I now live at a friend's place, work at the same city where we sold our home and pay all the bills for the new house until he finds a new job and we can pay off the big bills so I can afford to quit and find a job in the city where we moved to.

Three months later he had all his teeth removed and got dentures. He had really bad and crooked teeth and was tired of dealing with them. He asked me about having it done and I flat out told him I had no problem with it so long as he wore them. His mother never wears her's and I find that absolutely disgusting. He knows this also.

He does not wear them. I cannot kiss him on the mouth as it turns my stomach to stick my tongue in a toothless mouth! I also don't like to watch him gum food to death or talk without his teeth. He says they are uncomfortable and won't stay in. I tell him he needs to go back to the dentist and get them refitted. He says I don't understand as I still have all my teeth. We had a huge fight about it in August last year.

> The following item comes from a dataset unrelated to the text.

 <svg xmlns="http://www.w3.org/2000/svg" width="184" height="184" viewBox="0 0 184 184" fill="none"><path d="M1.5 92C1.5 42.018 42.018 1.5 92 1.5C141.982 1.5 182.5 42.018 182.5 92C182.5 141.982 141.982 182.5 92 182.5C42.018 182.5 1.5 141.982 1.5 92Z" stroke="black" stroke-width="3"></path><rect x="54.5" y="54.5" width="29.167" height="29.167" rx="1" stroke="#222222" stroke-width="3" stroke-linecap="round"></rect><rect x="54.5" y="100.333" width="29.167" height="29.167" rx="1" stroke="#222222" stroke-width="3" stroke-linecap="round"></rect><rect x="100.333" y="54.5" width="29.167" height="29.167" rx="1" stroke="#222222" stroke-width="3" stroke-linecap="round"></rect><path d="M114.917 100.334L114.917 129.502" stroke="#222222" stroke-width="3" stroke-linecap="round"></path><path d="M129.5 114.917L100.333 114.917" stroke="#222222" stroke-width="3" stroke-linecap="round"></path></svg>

It is now almost 18 months later and he still does not have a job and still does not wear his teeth. He is also still insisting that I take care of everything like I did when he was out of country because "he doesn't want to be bothered with it."

I had to drive over there one weekend to take one of our dogs to the vet to get her shots, rear dew claws removed and spayed because he wouldn't take her. I told him to take her back the following Monday to have her bandages checked. He took her back during the vets lunch hour and couldn't be bothered to wait for the vet to return in less than an hour. Needless to say, when he took the dog back on Wednesday, the vet insisted on keeping the dog for a week and a half because the dog had messed up the dew claw removal wounds so badly and he wouldn't keep her from jumping and running. It cost another $350 for the vet stay.

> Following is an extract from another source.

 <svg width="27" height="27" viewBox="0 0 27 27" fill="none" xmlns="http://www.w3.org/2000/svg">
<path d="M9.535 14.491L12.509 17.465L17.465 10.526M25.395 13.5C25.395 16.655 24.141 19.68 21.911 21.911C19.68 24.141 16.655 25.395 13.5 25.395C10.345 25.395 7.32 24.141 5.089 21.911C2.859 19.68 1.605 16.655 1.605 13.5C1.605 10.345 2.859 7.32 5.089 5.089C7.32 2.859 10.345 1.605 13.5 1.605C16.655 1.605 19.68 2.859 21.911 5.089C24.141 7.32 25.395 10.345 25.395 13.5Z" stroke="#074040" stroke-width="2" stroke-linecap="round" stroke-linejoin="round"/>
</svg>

I also had to bring our other dog back to our old city because she was depressed because he wouldn't walk her anymore so she would just pee where she was at and not move.

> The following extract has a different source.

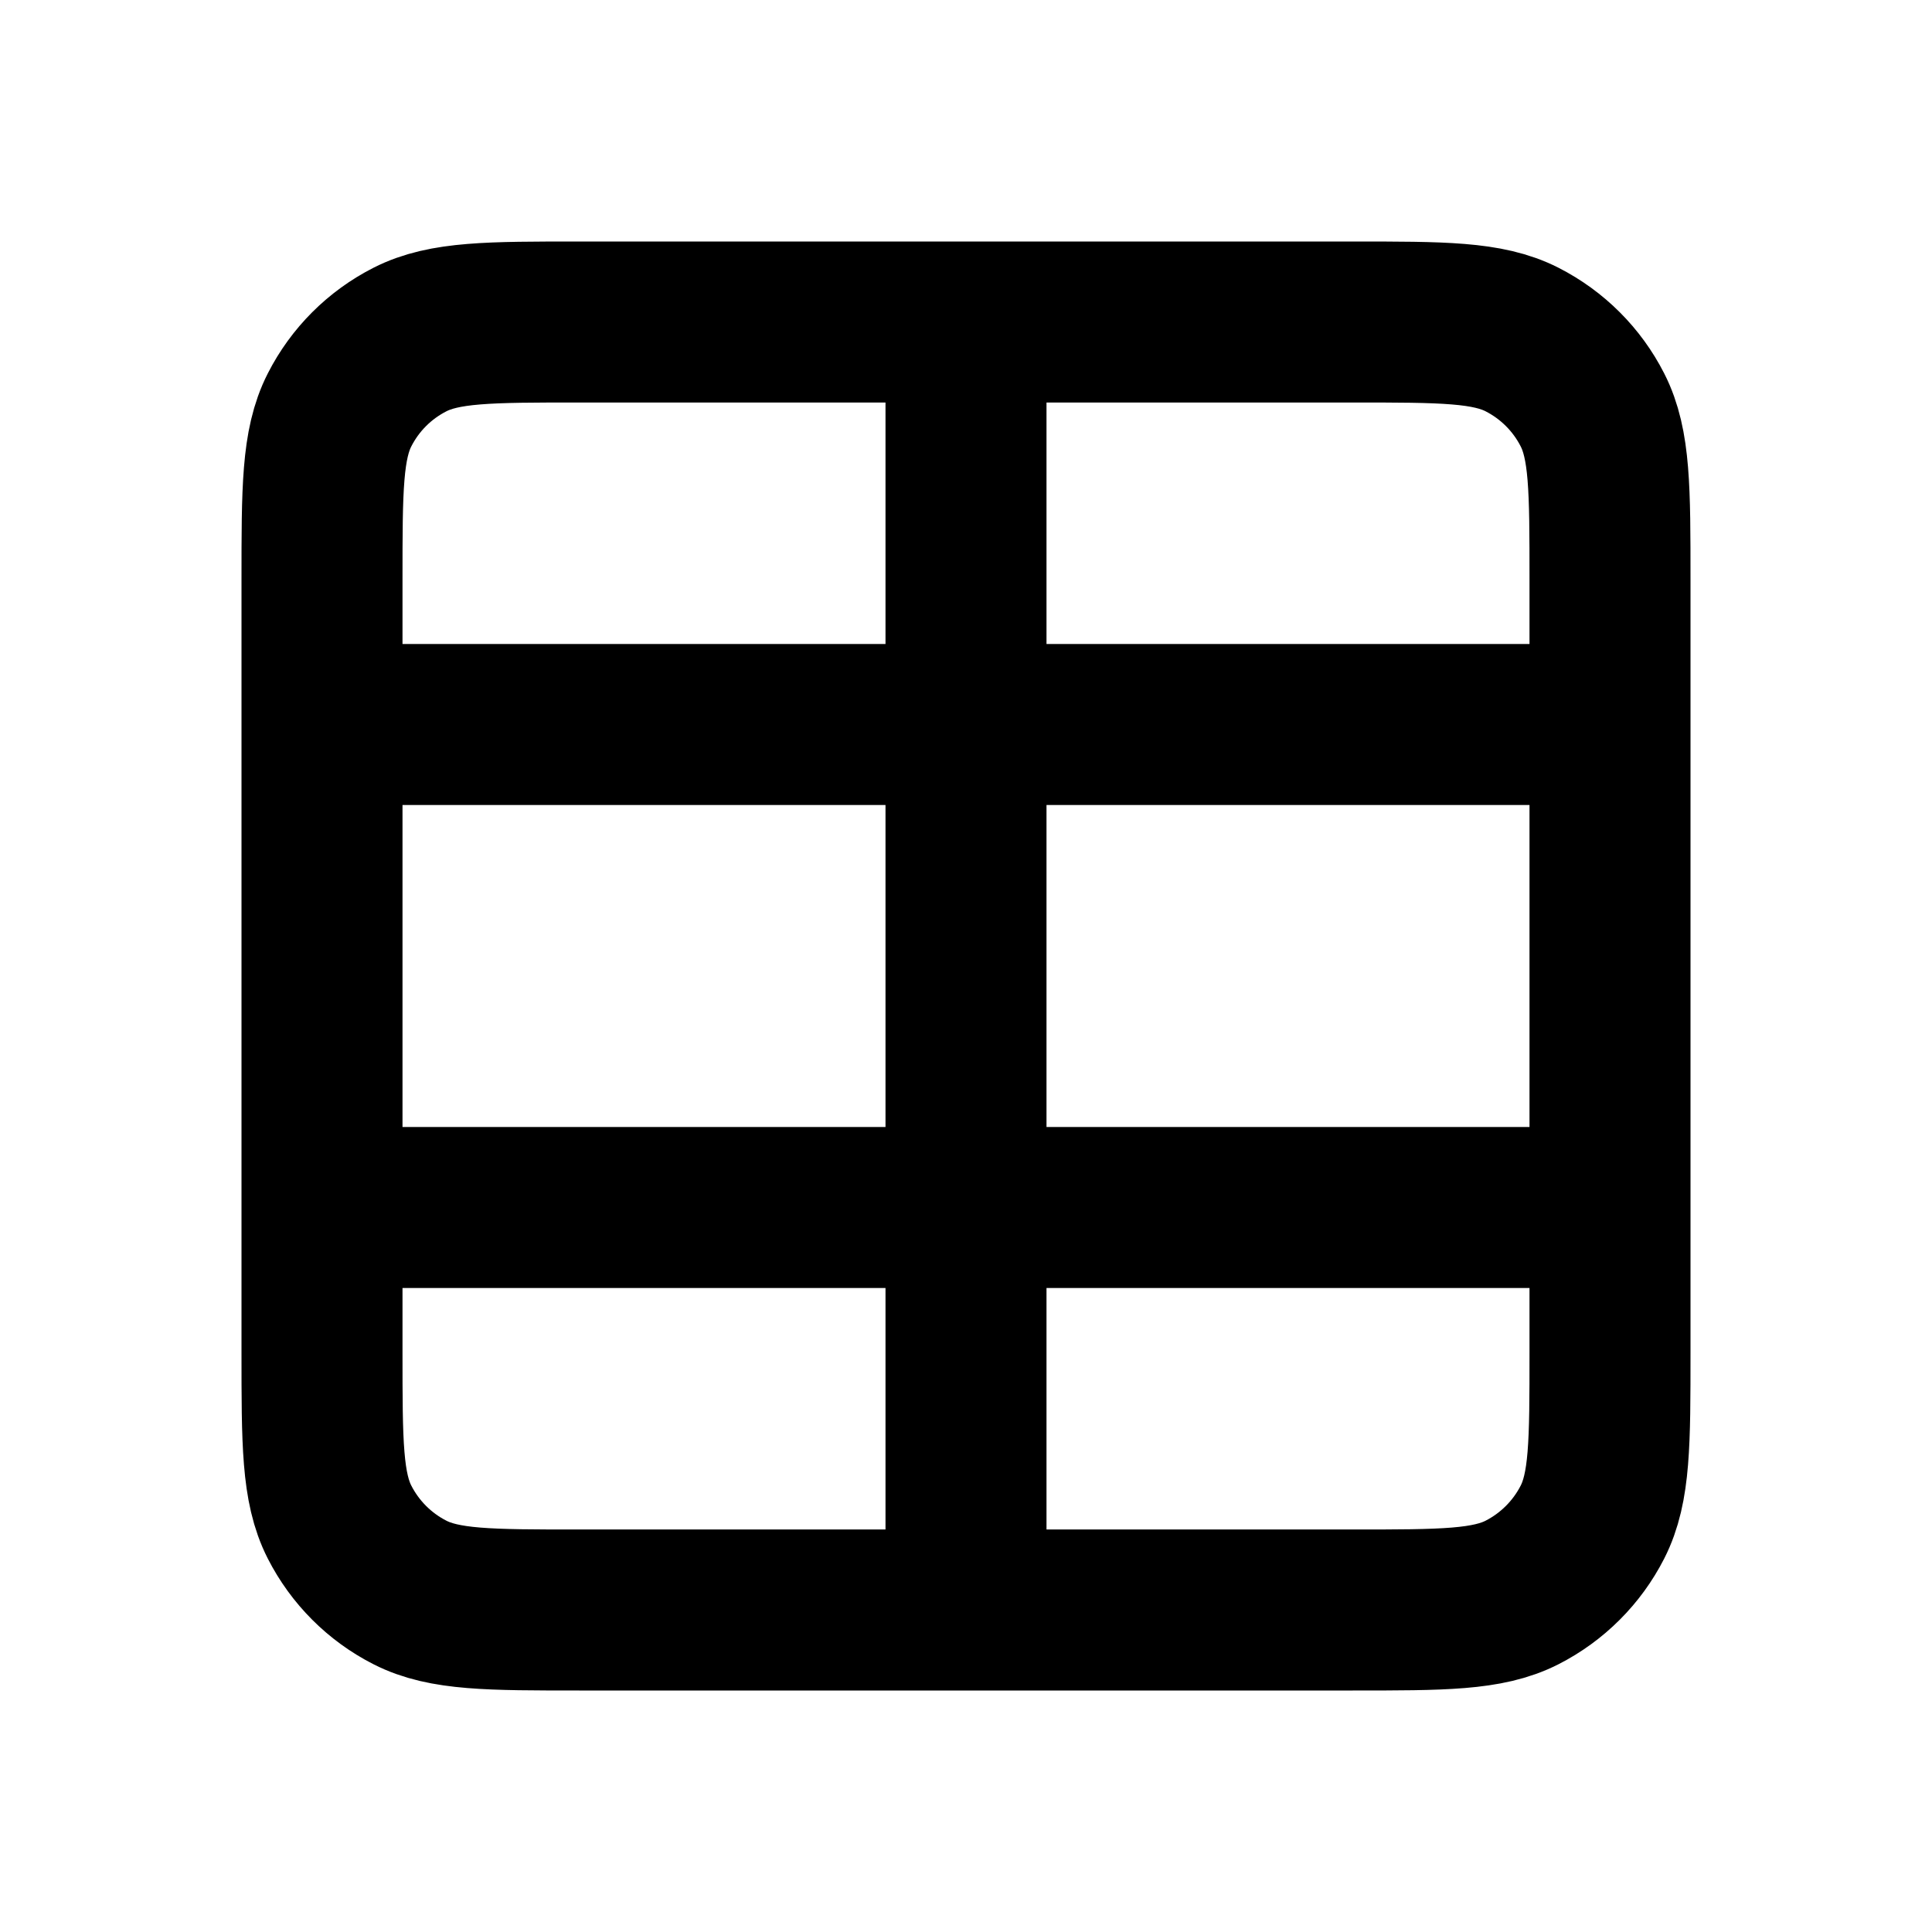 <svg width="24" height="24" viewBox="0 0 24 24" fill="none" xmlns="http://www.w3.org/2000/svg">
<g id="Edit / Table">
<path id="Vector" d="M4 15V16.8C4 17.92 4 18.48 4.218 18.908C4.41 19.284 4.715 19.59 5.092 19.782C5.519 20 6.079 20 7.197 20H12M4 15V9M4 15H12M4 9V7.2C4 6.08 4 5.52 4.218 5.092C4.41 4.715 4.715 4.41 5.092 4.218C5.52 4 6.08 4 7.2 4H12M4 9H12M12 4H16.8C17.92 4 18.48 4 18.908 4.218C19.284 4.41 19.59 4.715 19.782 5.092C20 5.519 20 6.079 20 7.197V9M12 4V9M12 9V15M12 9H20M12 15V20M12 15H20M12 20H16.804C17.922 20 18.48 20 18.908 19.782C19.284 19.59 19.59 19.284 19.782 18.908C20 18.48 20 17.922 20 16.804V15M20 15V9" stroke="currentColor" stroke-width="2" stroke-linecap="round" stroke-linejoin="round"/>
</g>
</svg>

This is my third marriage. The first two lasted less than 3 years. I still love this man deeply but don't know what to do. He won't listen when I tell him straight he needs to find a job even if it is minimum wage and he needs to go back to the dentist to get his dentures fitted properly so he can wear them. I don't know what to do. I don't want to give up on my marriage just because he is unemployed and toothless but I also don't want to be the one who has to deal with everything, the only one that works and then have to deal with his toothlessness. 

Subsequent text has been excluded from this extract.